The official said that, in 2018, Qatar announced the Workers’ Support and Insurance Fund, which provides compensation for workers who have been injured or passed away because of a work-related incident, or if workers have not received their salaries due to their employer being unable to pay. “$350 million has been paid out this year through the Fund,” the official added.
The death toll of construction workers in Qatar remains firmly in the spotlight, with Amnesty International describing thousands of migrant worker deaths since 2010, when the World Cup was awarded. In 2021, the Guardian reported that more than 6,500 migrant workers from India, Pakistan, Bangladesh, Nepal and Sri Lanka have died in Qatar since 2010.

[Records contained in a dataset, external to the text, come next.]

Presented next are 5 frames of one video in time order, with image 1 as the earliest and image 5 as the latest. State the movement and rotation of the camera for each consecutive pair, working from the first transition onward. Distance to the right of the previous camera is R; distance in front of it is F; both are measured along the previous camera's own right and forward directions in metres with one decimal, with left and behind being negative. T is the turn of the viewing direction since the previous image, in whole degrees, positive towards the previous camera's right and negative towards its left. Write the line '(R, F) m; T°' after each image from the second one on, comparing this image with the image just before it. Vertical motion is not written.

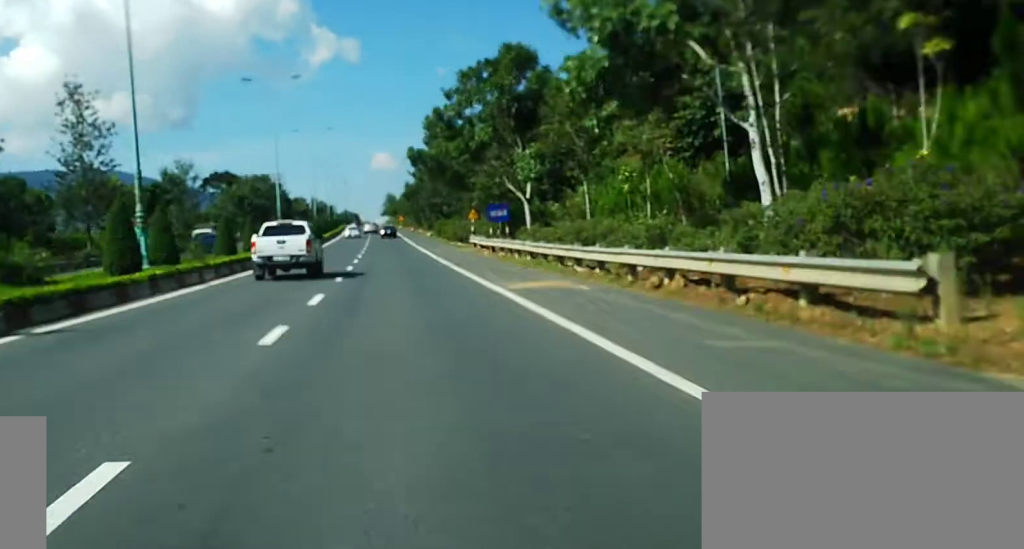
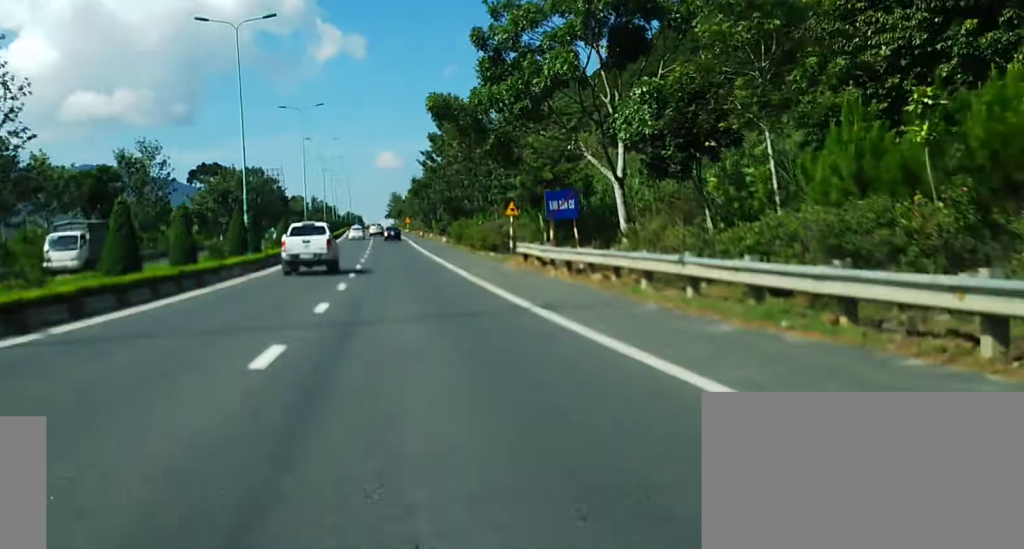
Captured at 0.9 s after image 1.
(0.0, +17.7) m; 0°
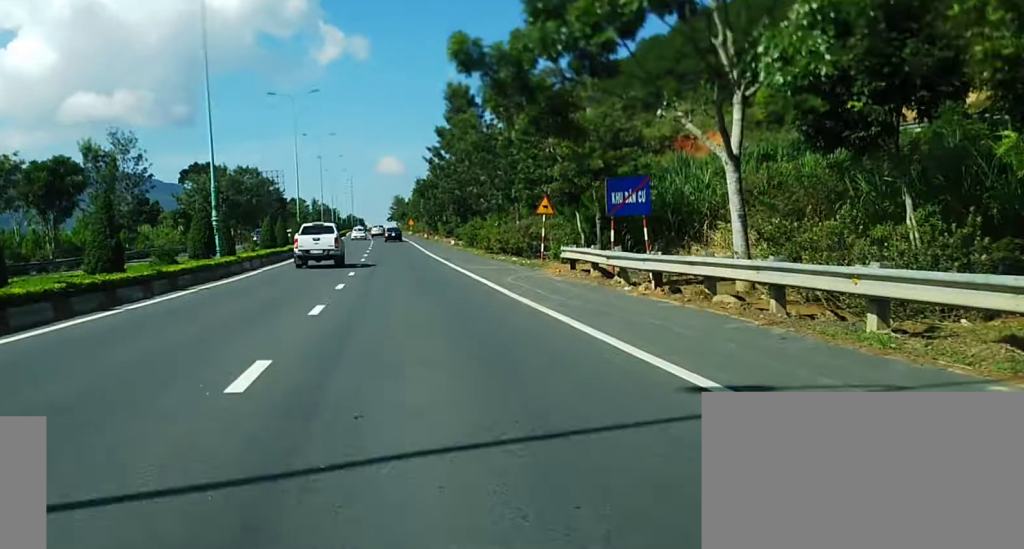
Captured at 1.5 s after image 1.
(0.0, +10.1) m; 0°
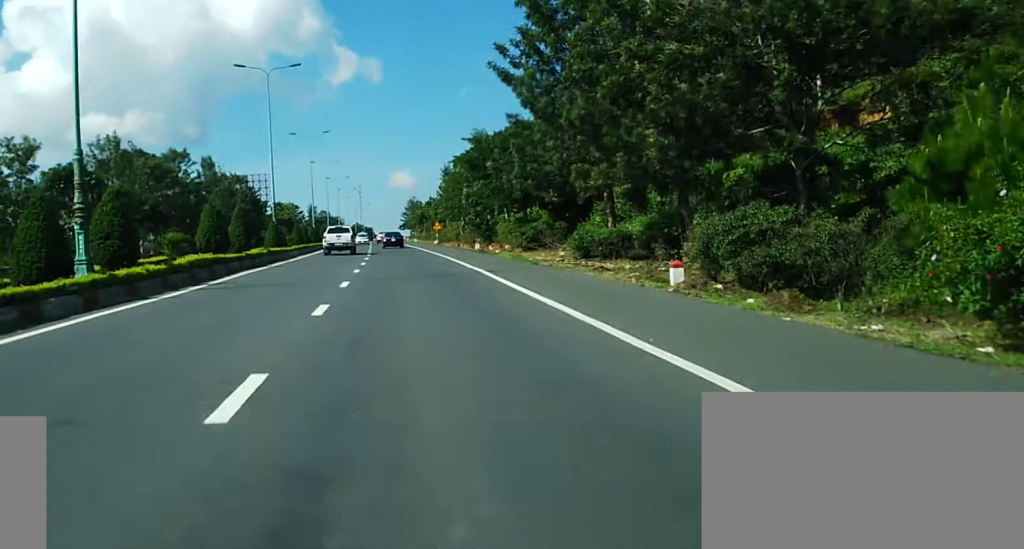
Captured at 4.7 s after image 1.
(-0.1, +60.1) m; 0°
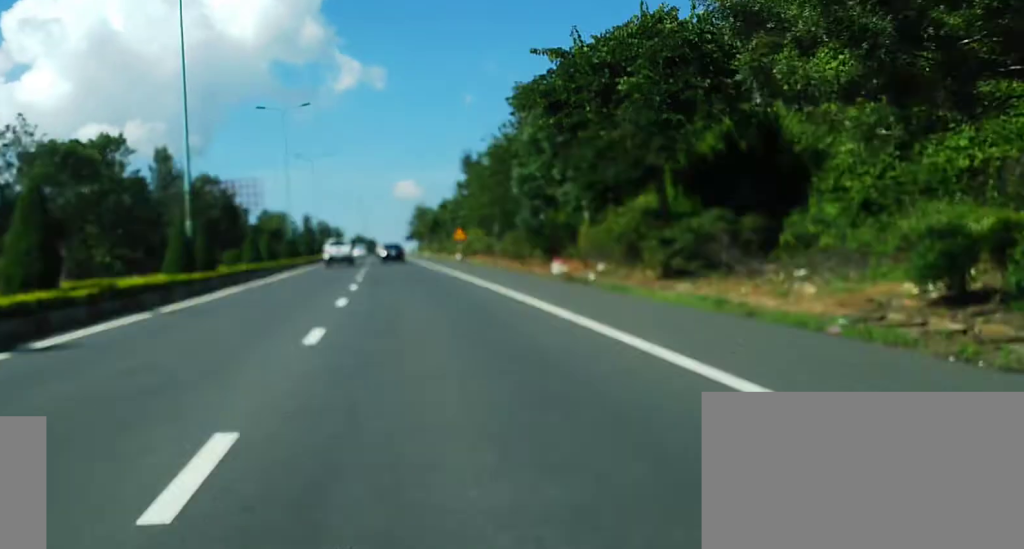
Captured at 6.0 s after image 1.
(-0.3, +24.7) m; -1°

The deaths cited by Qatar are significantly less. Since construction began in 2014, Qatar’s Supreme Committee for Delivery & Legacy is said to have recorded just three work-related fatalities on World Cup sites and 37 non-work-related deaths among World Cup workers.
Qatar describes the letter sent by Amnesty in May as inaccurate. “We have never shied away from constructive criticism, but it has consistently been proven that the mortality figures reported by the media – and Amnesty’s letter – are inaccurate and wildly misleading,” the Qatari government official said. “The reality is that what Qatar has achieved in a few years took many decades to achieve in other parts of the world.”
Last month, in a televised speech, Qatar’s ruling emir Sheikh Tamim bin Hamad Al Thani slammed criticism of the country, which he described as an “unprecedented campaign” against the first Arab nation to host the World Cup. Qatar has repeatedly pushed back against international criticism, saying that it has improved conditions for migrant workers. The country has also denied Amnesty’s claims of migrant worker exploitation.